> **Your goal**: Apart from the pictures, reproduce the data below exactly as it stands.

(Collected data entries)

══════════════════════════════

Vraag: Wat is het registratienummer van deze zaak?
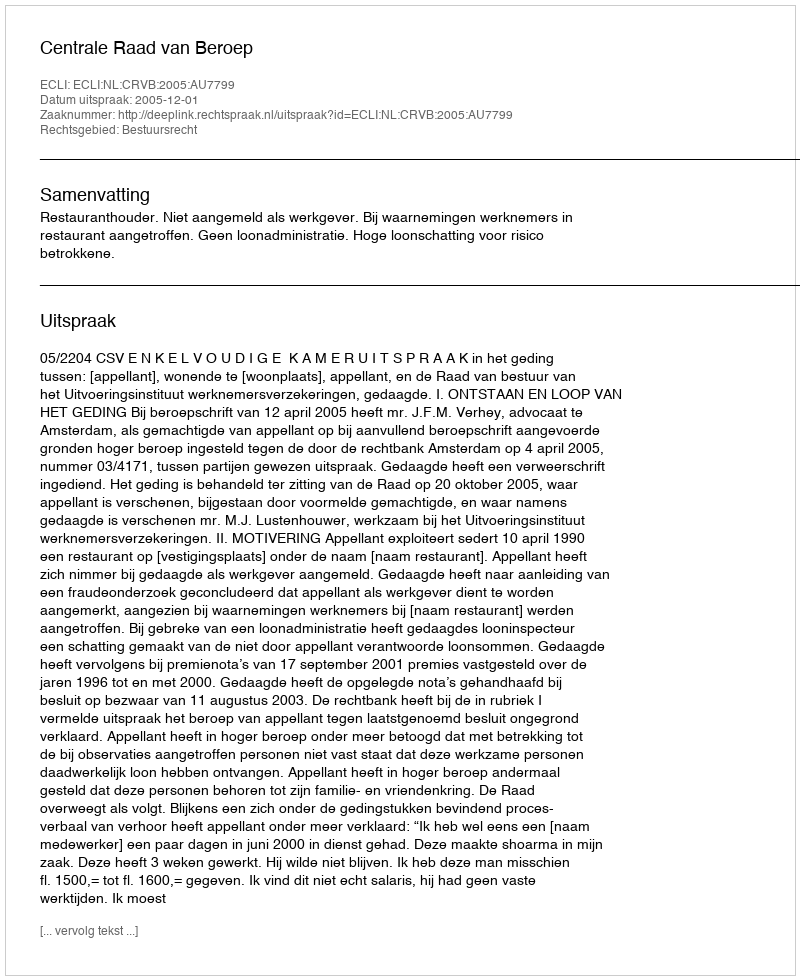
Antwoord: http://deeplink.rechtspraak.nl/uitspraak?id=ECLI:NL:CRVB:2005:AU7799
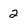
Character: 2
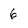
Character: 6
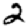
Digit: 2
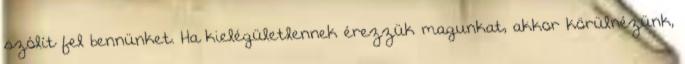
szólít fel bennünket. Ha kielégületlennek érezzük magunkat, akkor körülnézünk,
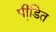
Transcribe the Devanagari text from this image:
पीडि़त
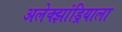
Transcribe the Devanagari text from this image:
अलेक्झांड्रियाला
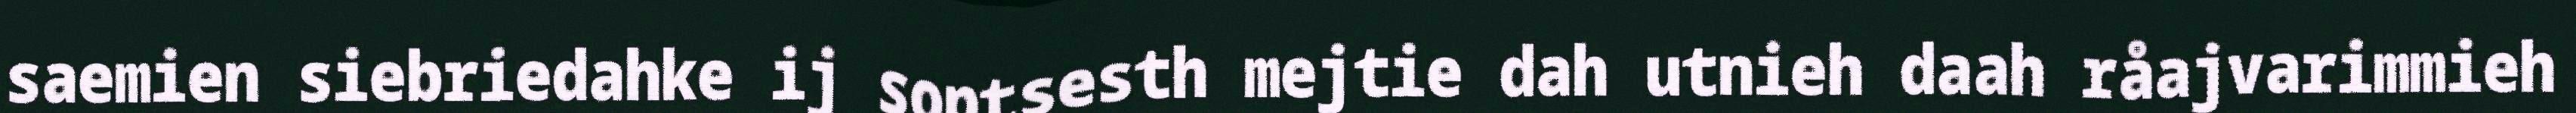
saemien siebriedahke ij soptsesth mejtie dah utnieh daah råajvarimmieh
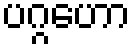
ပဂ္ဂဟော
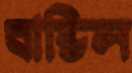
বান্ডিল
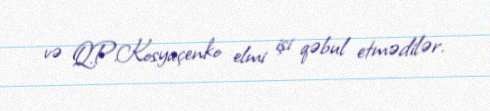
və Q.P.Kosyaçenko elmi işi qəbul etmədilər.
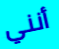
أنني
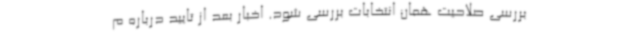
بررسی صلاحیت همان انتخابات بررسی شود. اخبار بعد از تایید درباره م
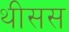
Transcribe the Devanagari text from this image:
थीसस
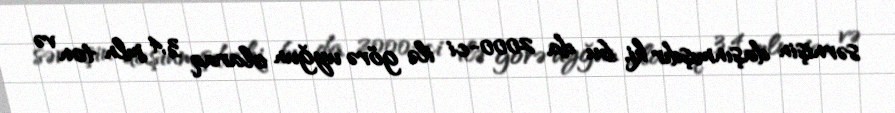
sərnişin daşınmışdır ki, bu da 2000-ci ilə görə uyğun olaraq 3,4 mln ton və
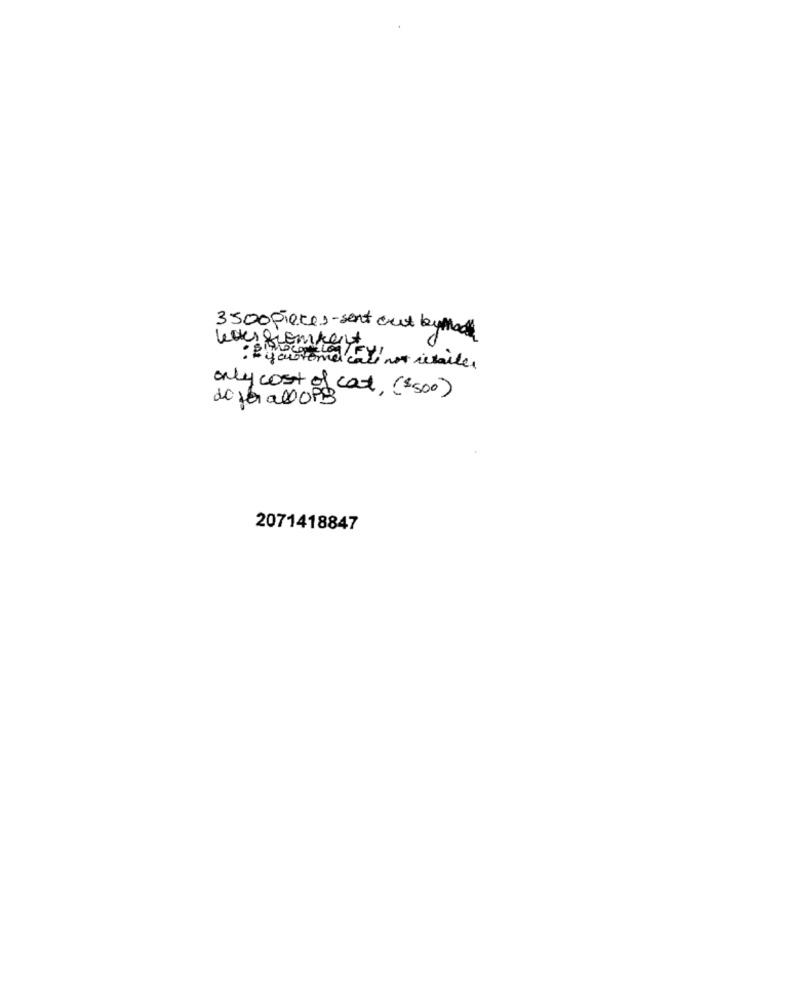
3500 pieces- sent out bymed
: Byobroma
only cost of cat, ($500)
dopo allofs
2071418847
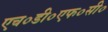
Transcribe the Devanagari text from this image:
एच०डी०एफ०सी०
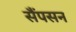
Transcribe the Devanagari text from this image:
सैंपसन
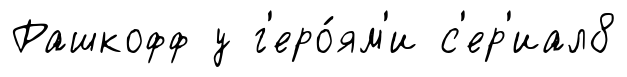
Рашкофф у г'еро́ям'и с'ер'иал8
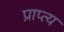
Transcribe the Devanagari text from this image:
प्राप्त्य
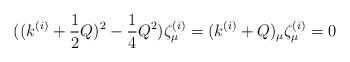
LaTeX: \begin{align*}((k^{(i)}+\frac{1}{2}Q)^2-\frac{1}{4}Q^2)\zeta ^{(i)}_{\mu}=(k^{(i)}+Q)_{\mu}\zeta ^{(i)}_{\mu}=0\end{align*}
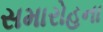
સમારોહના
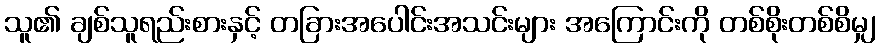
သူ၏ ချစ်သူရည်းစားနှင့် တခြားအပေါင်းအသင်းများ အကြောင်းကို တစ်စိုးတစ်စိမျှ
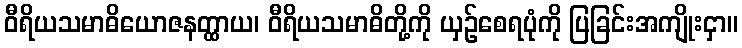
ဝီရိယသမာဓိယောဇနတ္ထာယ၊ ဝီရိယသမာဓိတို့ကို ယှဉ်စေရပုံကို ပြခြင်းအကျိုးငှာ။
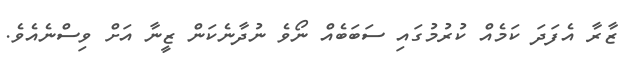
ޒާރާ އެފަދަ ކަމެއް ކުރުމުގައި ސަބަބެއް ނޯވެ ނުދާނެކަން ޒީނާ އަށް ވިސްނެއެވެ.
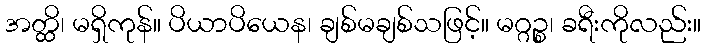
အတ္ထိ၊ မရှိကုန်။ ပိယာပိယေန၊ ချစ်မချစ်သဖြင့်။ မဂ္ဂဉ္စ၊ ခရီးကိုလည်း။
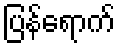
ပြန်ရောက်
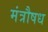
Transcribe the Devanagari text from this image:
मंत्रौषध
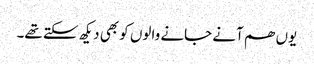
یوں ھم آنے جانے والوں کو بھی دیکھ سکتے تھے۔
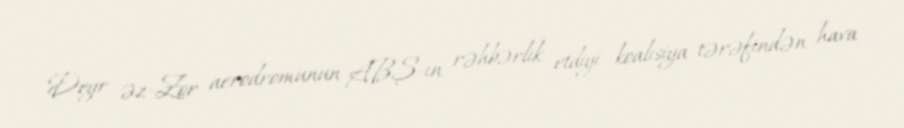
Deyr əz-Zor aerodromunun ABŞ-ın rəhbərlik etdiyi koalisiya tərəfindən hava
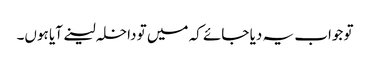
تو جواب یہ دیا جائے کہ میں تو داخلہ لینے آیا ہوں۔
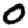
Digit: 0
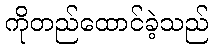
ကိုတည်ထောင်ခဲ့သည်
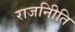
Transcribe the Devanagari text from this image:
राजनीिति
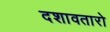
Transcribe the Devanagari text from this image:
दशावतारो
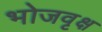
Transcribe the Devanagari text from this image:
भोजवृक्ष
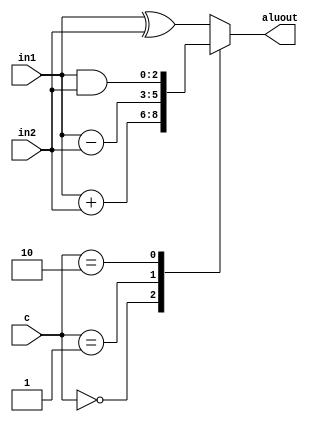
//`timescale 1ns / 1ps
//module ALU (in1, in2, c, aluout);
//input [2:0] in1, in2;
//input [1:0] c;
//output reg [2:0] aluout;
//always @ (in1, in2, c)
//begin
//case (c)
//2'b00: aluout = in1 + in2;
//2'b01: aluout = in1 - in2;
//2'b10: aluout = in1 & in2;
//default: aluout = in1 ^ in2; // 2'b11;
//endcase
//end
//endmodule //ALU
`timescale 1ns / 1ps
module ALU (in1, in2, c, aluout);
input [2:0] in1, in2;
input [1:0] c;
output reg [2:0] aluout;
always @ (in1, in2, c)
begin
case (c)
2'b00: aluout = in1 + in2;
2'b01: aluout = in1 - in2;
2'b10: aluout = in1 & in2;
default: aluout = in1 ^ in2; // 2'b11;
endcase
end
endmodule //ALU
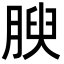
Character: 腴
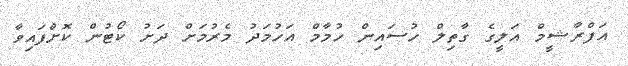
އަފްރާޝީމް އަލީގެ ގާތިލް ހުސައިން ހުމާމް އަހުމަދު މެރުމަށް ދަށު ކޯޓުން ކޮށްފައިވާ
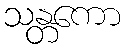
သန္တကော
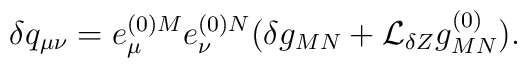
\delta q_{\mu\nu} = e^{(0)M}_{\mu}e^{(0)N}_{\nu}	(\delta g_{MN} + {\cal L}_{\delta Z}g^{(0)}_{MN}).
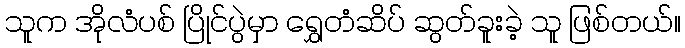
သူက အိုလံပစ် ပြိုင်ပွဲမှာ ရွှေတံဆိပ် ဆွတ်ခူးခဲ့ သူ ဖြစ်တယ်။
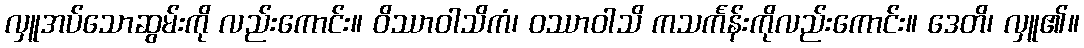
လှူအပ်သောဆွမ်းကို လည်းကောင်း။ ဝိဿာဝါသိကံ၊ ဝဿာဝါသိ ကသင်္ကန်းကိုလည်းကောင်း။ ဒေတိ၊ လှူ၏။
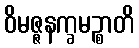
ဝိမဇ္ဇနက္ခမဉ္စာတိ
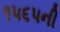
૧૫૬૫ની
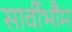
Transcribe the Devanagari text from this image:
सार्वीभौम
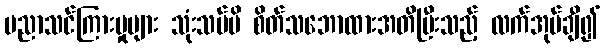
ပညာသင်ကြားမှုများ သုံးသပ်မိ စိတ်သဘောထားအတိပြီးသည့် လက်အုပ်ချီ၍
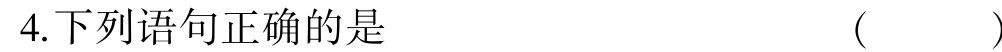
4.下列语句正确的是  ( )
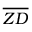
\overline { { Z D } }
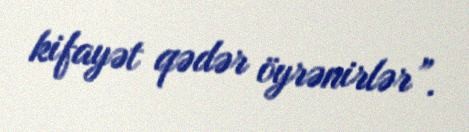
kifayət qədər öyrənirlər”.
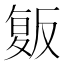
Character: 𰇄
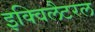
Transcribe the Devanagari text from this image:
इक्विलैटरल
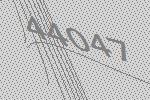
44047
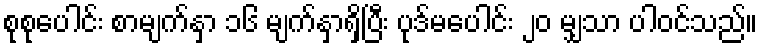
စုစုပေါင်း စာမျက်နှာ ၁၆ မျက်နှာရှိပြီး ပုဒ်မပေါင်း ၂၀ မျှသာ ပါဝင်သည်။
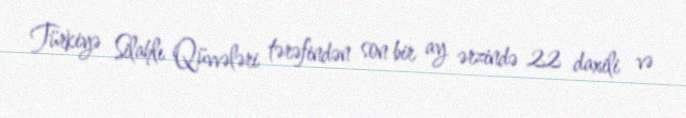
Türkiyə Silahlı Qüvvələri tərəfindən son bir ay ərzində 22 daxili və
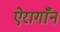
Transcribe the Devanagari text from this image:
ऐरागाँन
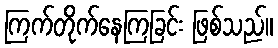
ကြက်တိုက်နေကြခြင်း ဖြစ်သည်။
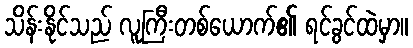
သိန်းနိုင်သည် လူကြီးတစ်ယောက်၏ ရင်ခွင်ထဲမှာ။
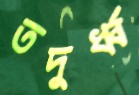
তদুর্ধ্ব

══════════════════════════════

> **Your solution**:
Vraag: Wat is het registratienummer van deze zaak?
Antwoord: http://deeplink.rechtspraak.nl/uitspraak?id=ECLI:NL:CRVB:2005:AU7799
Character: 2
Character: 6
Digit: 2
szólít fel bennünket. Ha kielégületlennek érezzük magunkat, akkor körülnézünk,
Transcribe the Devanagari text from this image:
पीडि़त
Transcribe the Devanagari text from this image:
अलेक्झांड्रियाला
saemien siebriedahke ij soptsesth mejtie dah utnieh daah råajvarimmieh
ပဂ္ဂဟော
বান্ডিল
və Q.P.Kosyaçenko elmi işi qəbul etmədilər.
أنني
بررسی صلاحیت همان انتخابات بررسی شود. اخبار بعد از تایید درباره م
Transcribe the Devanagari text from this image:
थीसस
sərnişin daşınmışdır ki, bu da 2000-ci ilə görə uyğun olaraq 3,4 mln ton və
3500 pieces- sent out bymed
: Byobroma
only cost of cat, ($500)
dopo allofs
2071418847
Transcribe the Devanagari text from this image:
एच०डी०एफ०सी०
Transcribe the Devanagari text from this image:
सैंपसन
Рашкофф у г'еро́ям'и с'ер'иал8
Transcribe the Devanagari text from this image:
प्राप्त्य
LaTeX: \begin{align*}((k^{(i)}+\frac{1}{2}Q)^2-\frac{1}{4}Q^2)\zeta ^{(i)}_{\mu}=(k^{(i)}+Q)_{\mu}\zeta ^{(i)}_{\mu}=0\end{align*}
સમારોહના
သူ၏ ချစ်သူရည်းစားနှင့် တခြားအပေါင်းအသင်းများ အကြောင်းကို တစ်စိုးတစ်စိမျှ
ဝီရိယသမာဓိယောဇနတ္ထာယ၊ ဝီရိယသမာဓိတို့ကို ယှဉ်စေရပုံကို ပြခြင်းအကျိုးငှာ။
ޒާރާ އެފަދަ ކަމެއް ކުރުމުގައި ސަބަބެއް ނޯވެ ނުދާނެކަން ޒީނާ އަށް ވިސްނެއެވެ.
အတ္ထိ၊ မရှိကုန်။ ပိယာပိယေန၊ ချစ်မချစ်သဖြင့်။ မဂ္ဂဉ္စ၊ ခရီးကိုလည်း။
ပြန်ရောက်
Transcribe the Devanagari text from this image:
मंत्रौषध
یوں ھم آنے جانے والوں کو بھی دیکھ سکتے تھے۔
Deyr əz-Zor aerodromunun ABŞ-ın rəhbərlik etdiyi koalisiya tərəfindən hava
تو جواب یہ دیا جائے کہ میں تو داخلہ لینے آیا ہوں۔
Digit: 0
ကိုတည်ထောင်ခဲ့သည်
Transcribe the Devanagari text from this image:
राजनीिति
Transcribe the Devanagari text from this image:
दशावतारो
Transcribe the Devanagari text from this image:
भोजवृक्ष
//`timescale 1ns / 1ps
//module ALU (in1, in2, c, aluout);
//input [2:0] in1, in2;
//input [1:0] c;
//output reg [2:0] aluout;
//always @ (in1, in2, c)
//begin
//case (c)
//2'b00: aluout = in1 + in2;
//2'b01: aluout = in1 - in2;
//2'b10: aluout = in1 & in2;
//default: aluout = in1 ^ in2; // 2'b11;
//endcase
//end
//endmodule //ALU
`timescale 1ns / 1ps
module ALU (in1, in2, c, aluout);
input [2:0] in1, in2;
input [1:0] c;
output reg [2:0] aluout;
always @ (in1, in2, c)
begin
case (c)
2'b00: aluout = in1 + in2;
2'b01: aluout = in1 - in2;
2'b10: aluout = in1 & in2;
default: aluout = in1 ^ in2; // 2'b11;
endcase
end
endmodule //ALU
Character: 腴
އަފްރާޝީމް އަލީގެ ގާތިލް ހުސައިން ހުމާމް އަހުމަދު މެރުމަށް ދަށު ކޯޓުން ކޮށްފައިވާ
သန္တကော
\delta q_{\mu\nu} = e^{(0)M}_{\mu}e^{(0)N}_{\nu}	(\delta g_{MN} + {\cal L}_{\delta Z}g^{(0)}_{MN}).
သူက အိုလံပစ် ပြိုင်ပွဲမှာ ရွှေတံဆိပ် ဆွတ်ခူးခဲ့ သူ ဖြစ်တယ်။
လှူအပ်သောဆွမ်းကို လည်းကောင်း။ ဝိဿာဝါသိကံ၊ ဝဿာဝါသိ ကသင်္ကန်းကိုလည်းကောင်း။ ဒေတိ၊ လှူ၏။
ဝိမဇ္ဇနက္ခမဉ္စာတိ
૧૫૬૫ની
Transcribe the Devanagari text from this image:
सार्वीभौम
ပညာသင်ကြားမှုများ သုံးသပ်မိ စိတ်သဘောထားအတိပြီးသည့် လက်အုပ်ချီ၍
4.下列语句正确的是  ( )
\overline { { Z D } }
kifayət qədər öyrənirlər”.
Character: 𰇄
Transcribe the Devanagari text from this image:
इक्विलैटरल
44047
စုစုပေါင်း စာမျက်နှာ ၁၆ မျက်နှာရှိပြီး ပုဒ်မပေါင်း ၂၀ မျှသာ ပါဝင်သည်။
Türkiyə Silahlı Qüvvələri tərəfindən son bir ay ərzində 22 daxili və
Transcribe the Devanagari text from this image:
ऐरागाँन
ကြက်တိုက်နေကြခြင်း ဖြစ်သည်။
သိန်းနိုင်သည် လူကြီးတစ်ယောက်၏ ရင်ခွင်ထဲမှာ။
তদুর্ধ্ব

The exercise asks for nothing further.